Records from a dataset
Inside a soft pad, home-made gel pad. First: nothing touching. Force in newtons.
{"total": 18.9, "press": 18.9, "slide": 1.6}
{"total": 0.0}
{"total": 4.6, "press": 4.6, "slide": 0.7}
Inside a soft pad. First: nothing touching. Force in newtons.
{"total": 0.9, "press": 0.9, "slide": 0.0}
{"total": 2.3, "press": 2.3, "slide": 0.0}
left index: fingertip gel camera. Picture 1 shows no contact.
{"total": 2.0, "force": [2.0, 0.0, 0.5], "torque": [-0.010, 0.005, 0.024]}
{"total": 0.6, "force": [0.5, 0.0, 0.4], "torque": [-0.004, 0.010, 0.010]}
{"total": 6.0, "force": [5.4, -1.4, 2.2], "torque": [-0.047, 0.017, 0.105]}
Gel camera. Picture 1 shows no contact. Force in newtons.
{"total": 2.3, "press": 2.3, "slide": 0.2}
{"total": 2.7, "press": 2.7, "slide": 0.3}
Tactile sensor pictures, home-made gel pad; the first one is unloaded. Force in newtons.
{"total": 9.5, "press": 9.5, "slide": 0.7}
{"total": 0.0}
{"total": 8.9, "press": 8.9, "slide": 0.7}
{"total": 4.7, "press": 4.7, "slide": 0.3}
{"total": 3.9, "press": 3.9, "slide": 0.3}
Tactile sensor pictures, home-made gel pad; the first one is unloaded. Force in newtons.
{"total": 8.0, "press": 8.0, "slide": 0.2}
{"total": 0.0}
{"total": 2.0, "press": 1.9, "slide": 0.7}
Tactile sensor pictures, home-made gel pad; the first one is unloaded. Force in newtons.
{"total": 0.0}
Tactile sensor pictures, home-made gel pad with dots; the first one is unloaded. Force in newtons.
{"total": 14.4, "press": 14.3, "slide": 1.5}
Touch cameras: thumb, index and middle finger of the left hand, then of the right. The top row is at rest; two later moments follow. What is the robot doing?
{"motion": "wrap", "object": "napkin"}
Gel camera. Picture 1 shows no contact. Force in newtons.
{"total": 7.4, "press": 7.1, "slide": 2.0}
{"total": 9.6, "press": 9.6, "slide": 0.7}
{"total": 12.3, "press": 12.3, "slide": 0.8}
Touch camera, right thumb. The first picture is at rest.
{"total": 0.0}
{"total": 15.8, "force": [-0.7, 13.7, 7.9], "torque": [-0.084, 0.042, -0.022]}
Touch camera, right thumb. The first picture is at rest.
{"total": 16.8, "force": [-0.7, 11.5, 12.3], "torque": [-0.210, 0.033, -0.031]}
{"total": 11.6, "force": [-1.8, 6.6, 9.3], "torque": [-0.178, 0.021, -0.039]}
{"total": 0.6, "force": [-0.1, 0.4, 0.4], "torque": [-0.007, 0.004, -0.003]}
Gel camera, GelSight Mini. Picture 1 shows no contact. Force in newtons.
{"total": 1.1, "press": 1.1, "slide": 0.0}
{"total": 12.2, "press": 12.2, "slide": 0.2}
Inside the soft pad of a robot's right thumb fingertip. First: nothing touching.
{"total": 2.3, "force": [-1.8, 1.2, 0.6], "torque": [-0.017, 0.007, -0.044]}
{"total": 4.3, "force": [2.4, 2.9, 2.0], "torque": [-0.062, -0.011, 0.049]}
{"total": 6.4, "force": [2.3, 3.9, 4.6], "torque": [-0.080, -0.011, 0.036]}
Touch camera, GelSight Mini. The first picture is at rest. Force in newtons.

Try it: Without leaving anything out, output all of the data above exactly.

Exercise output:
Inside a soft pad, home-made gel pad. First: nothing touching. Force in newtons.
{"total": 18.9, "press": 18.9, "slide": 1.6}
{"total": 0.0}
{"total": 4.6, "press": 4.6, "slide": 0.7}
Inside a soft pad. First: nothing touching. Force in newtons.
{"total": 0.9, "press": 0.9, "slide": 0.0}
{"total": 2.3, "press": 2.3, "slide": 0.0}
left index: fingertip gel camera. Picture 1 shows no contact.
{"total": 2.0, "force": [2.0, 0.0, 0.5], "torque": [-0.010, 0.005, 0.024]}
{"total": 0.6, "force": [0.5, 0.0, 0.4], "torque": [-0.004, 0.010, 0.010]}
{"total": 6.0, "force": [5.4, -1.4, 2.2], "torque": [-0.047, 0.017, 0.105]}
Gel camera. Picture 1 shows no contact. Force in newtons.
{"total": 2.3, "press": 2.3, "slide": 0.2}
{"total": 2.7, "press": 2.7, "slide": 0.3}
Tactile sensor pictures, home-made gel pad; the first one is unloaded. Force in newtons.
{"total": 9.5, "press": 9.5, "slide": 0.7}
{"total": 0.0}
{"total": 8.9, "press": 8.9, "slide": 0.7}
{"total": 4.7, "press": 4.7, "slide": 0.3}
{"total": 3.9, "press": 3.9, "slide": 0.3}
Tactile sensor pictures, home-made gel pad; the first one is unloaded. Force in newtons.
{"total": 8.0, "press": 8.0, "slide": 0.2}
{"total": 0.0}
{"total": 2.0, "press": 1.9, "slide": 0.7}
Tactile sensor pictures, home-made gel pad; the first one is unloaded. Force in newtons.
{"total": 0.0}
Tactile sensor pictures, home-made gel pad with dots; the first one is unloaded. Force in newtons.
{"total": 14.4, "press": 14.3, "slide": 1.5}
Touch cameras: thumb, index and middle finger of the left hand, then of the right. The top row is at rest; two later moments follow. What is the robot doing?
{"motion": "wrap", "object": "napkin"}
Gel camera. Picture 1 shows no contact. Force in newtons.
{"total": 7.4, "press": 7.1, "slide": 2.0}
{"total": 9.6, "press": 9.6, "slide": 0.7}
{"total": 12.3, "press": 12.3, "slide": 0.8}
Touch camera, right thumb. The first picture is at rest.
{"total": 0.0}
{"total": 15.8, "force": [-0.7, 13.7, 7.9], "torque": [-0.084, 0.042, -0.022]}
Touch camera, right thumb. The first picture is at rest.
{"total": 16.8, "force": [-0.7, 11.5, 12.3], "torque": [-0.210, 0.033, -0.031]}
{"total": 11.6, "force": [-1.8, 6.6, 9.3], "torque": [-0.178, 0.021, -0.039]}
{"total": 0.6, "force": [-0.1, 0.4, 0.4], "torque": [-0.007, 0.004, -0.003]}
Gel camera, GelSight Mini. Picture 1 shows no contact. Force in newtons.
{"total": 1.1, "press": 1.1, "slide": 0.0}
{"total": 12.2, "press": 12.2, "slide": 0.2}
Inside the soft pad of a robot's right thumb fingertip. First: nothing touching.
{"total": 2.3, "force": [-1.8, 1.2, 0.6], "torque": [-0.017, 0.007, -0.044]}
{"total": 4.3, "force": [2.4, 2.9, 2.0], "torque": [-0.062, -0.011, 0.049]}
{"total": 6.4, "force": [2.3, 3.9, 4.6], "torque": [-0.080, -0.011, 0.036]}
Touch camera, GelSight Mini. The first picture is at rest. Force in newtons.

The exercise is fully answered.